Una buona notizia: a Modugno, vicino a Bari, è stato sequestrato l’inceneritore
della Marcegaglia anche grazie a un esposto dei ragazzi del Meetup Bari
2. E’ una grande vittoria per la salute dei pugliesi. Una sconfitta per
i politici e per i confindustriali assistiti dallo Stato.
In materia di ambiente ognuno ha i ministri che si merita, ma noi abbiamo esagerato. Due dichiarazioni da far gelare il sangue a Dracula:
Stefania Prestigiacomo, ministro dell’Ambiente: “Stiamo andando malissimo su Kyoto. Abbiamo un trend di crescita delle emissioni del 13%
Renato Brunetta, ministro per la PA e l’Innovazione, sulla riduzione delle emissioni inquinanti: “L’Europa
ha poco da bacchettare perchè 20-20-20 (20% in più di
efficienza energetica, 20% in meno di emissioni inquinanti e il 20% di
energia tratta da fonti rinnovabili entro il 2020, ndr) è una
follia. Per le imprese e per i Paesi… è una follia
soprattutto per un Paese manifatturiero come l’Italia che ha
un’intensità e una densità di imprese superiore alla
media europea perché il nostro Paese trarrebbe svantaggi”. Ma ha
poi ha aggiunto, rassicurante: ” Noi vogliamo un ambiente pulito.
Vogliamo controlli di tipo ambientale che non uccidano le nostre
imprese e le nostre famiglie”.
Datemi un secchio per vomitare…

Ciao Beppe,
sono Lello Ciampolillo del Meetup Bari 2,
volevo segnalarti che in un mare di notizie ‘immondizia’ oggi ne
abbiamo una positiva. La magistratura funziona. I politici no.

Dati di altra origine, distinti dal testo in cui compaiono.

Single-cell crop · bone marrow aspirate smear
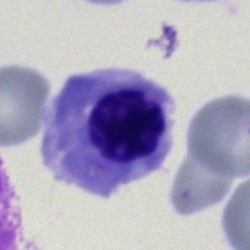
Specimen: bone marrow aspirate smear.
Morphological class: nucleated red cell.
Lineage: erythroid.

il 22/09/08 il dott. Francesco Bretone pm della Procura di Bari, ha sequestrato l’area di costruzione dell’inceneritore della Eco Energia Srl (gruppo Marcegaglia) a Modugno (BA) ed ha messo 4 persone sotto inchiesta; di queste una è un dirigente del settore ecologia della Regione Puglia.

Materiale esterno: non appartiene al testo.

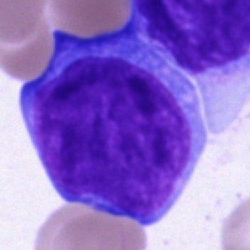

Q: What is shown here?
A: It is an undifferentiated blast.
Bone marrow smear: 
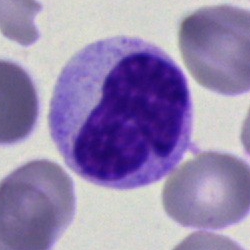
Metamyelocyte.

Il sequestro è stato recentemente convalidato dal Gip. Le
indagini sono state svolte anche a seguito di due esposti presentati
dal meetup Bari2 assistito dall’avv Gaetano Filograno.Gli esposti in
questione evidenziavano la pericolosità degli insediamenti tra Bari e Modugno di una centrale a turbogas e appunto dell’inceneritore,
inseriti in un contesto già fortemente inquinato dalla zona
industriale a ridosso della città di Bari, nonchè dalla
presenza di una centrale elettrica Enel all’interno della città,
convertita recentemente da olio combustibile a gas sulla cui
legittimità il ns. meetup sta svolgendo approfondimenti tecnici
e giuridici da sottoporre agli organi competenti.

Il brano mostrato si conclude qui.